Your task ▸ Copy out and return the lines from the one holding "Since image 1: 2.5 s elapsed." to the end of the listing below, both included, omitting the pictures.

Record set ▸
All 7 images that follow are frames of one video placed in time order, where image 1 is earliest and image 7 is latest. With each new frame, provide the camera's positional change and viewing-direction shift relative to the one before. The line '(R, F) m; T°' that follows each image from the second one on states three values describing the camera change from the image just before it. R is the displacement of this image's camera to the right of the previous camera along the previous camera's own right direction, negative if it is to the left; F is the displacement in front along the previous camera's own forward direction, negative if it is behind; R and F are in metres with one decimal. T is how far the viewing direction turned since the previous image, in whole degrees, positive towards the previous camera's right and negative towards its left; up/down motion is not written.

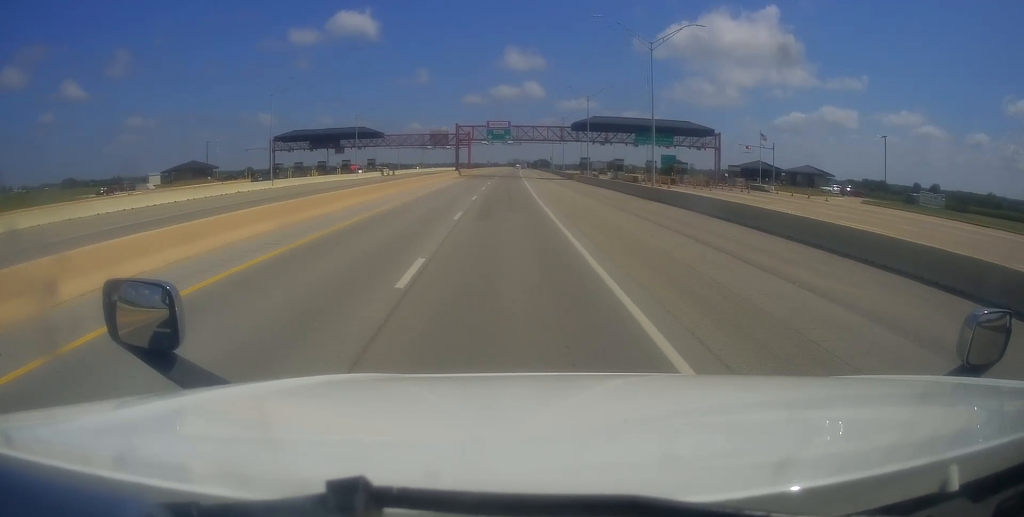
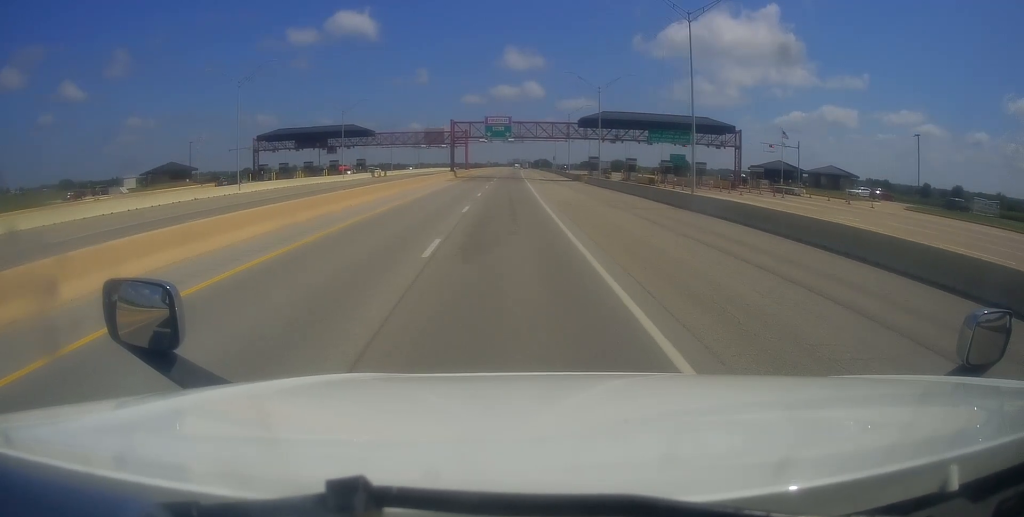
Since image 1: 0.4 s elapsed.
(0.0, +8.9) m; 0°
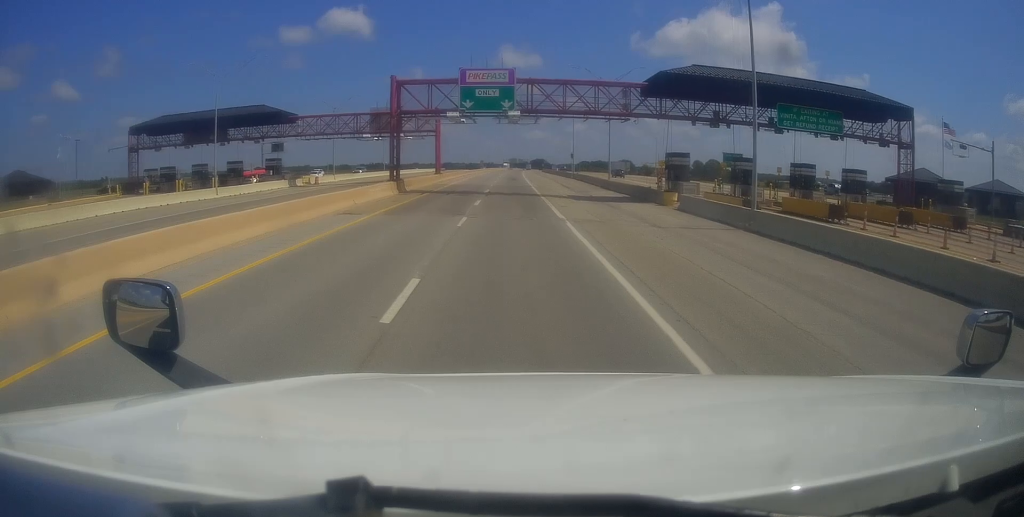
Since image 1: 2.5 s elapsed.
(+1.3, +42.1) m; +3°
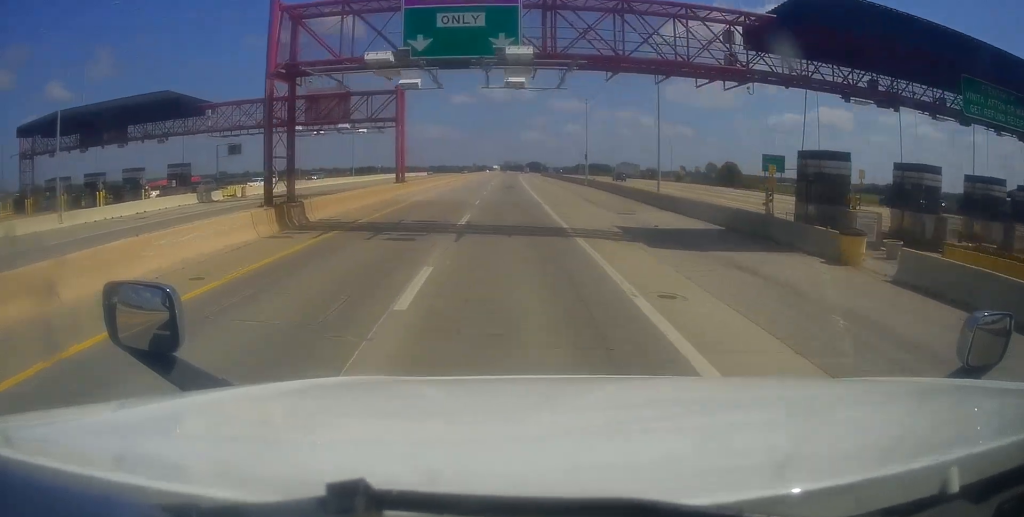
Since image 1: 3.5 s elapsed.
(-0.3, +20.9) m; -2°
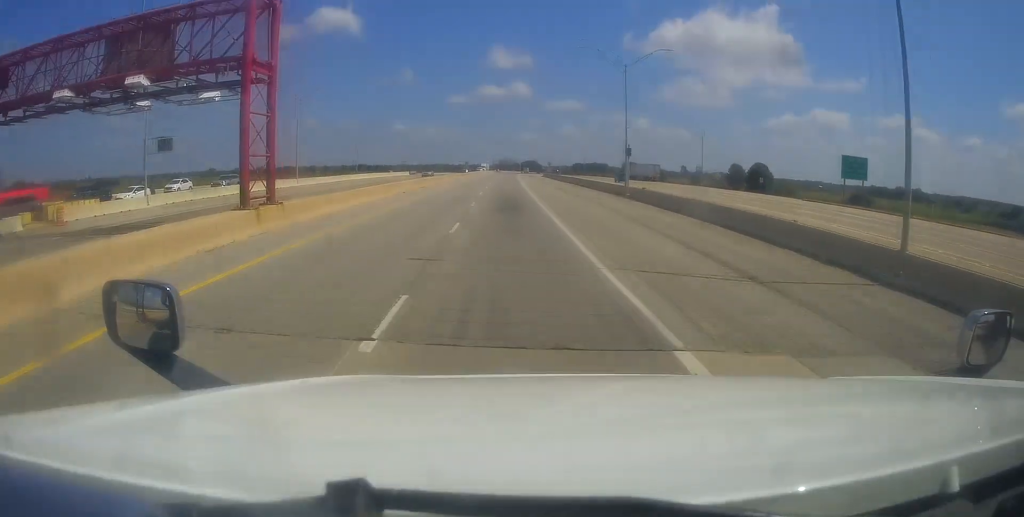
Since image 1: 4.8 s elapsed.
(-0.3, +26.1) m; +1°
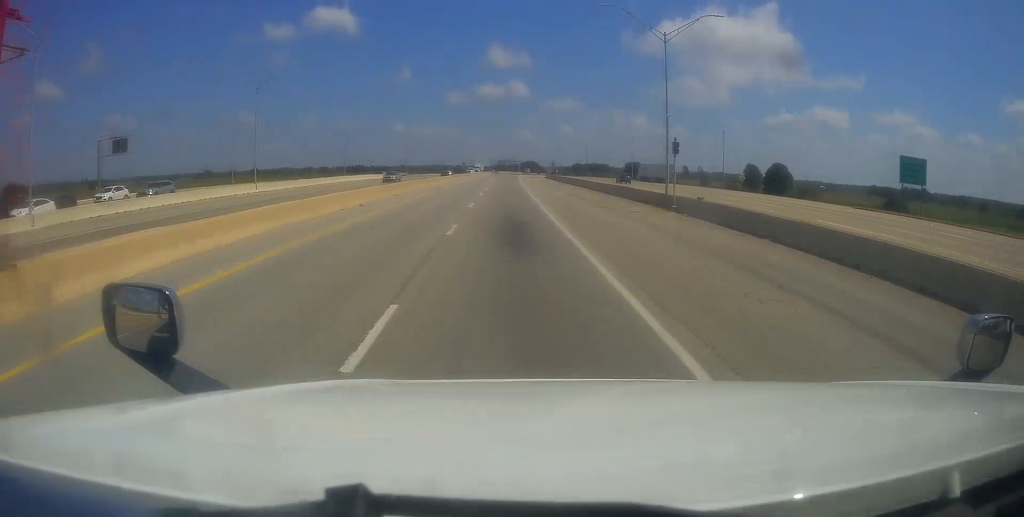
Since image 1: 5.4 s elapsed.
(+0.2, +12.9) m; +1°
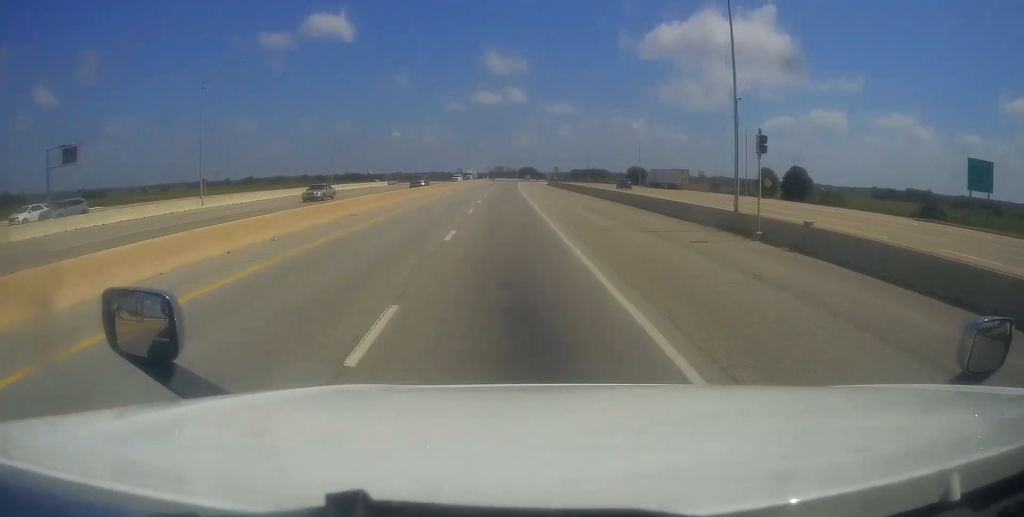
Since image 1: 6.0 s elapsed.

Written answer ▸
Since image 1: 2.5 s elapsed.
(+1.3, +42.1) m; +3°
Since image 1: 3.5 s elapsed.
(-0.3, +20.9) m; -2°
Since image 1: 4.8 s elapsed.
(-0.3, +26.1) m; +1°
Since image 1: 5.4 s elapsed.
(+0.2, +12.9) m; +1°
Since image 1: 6.0 s elapsed.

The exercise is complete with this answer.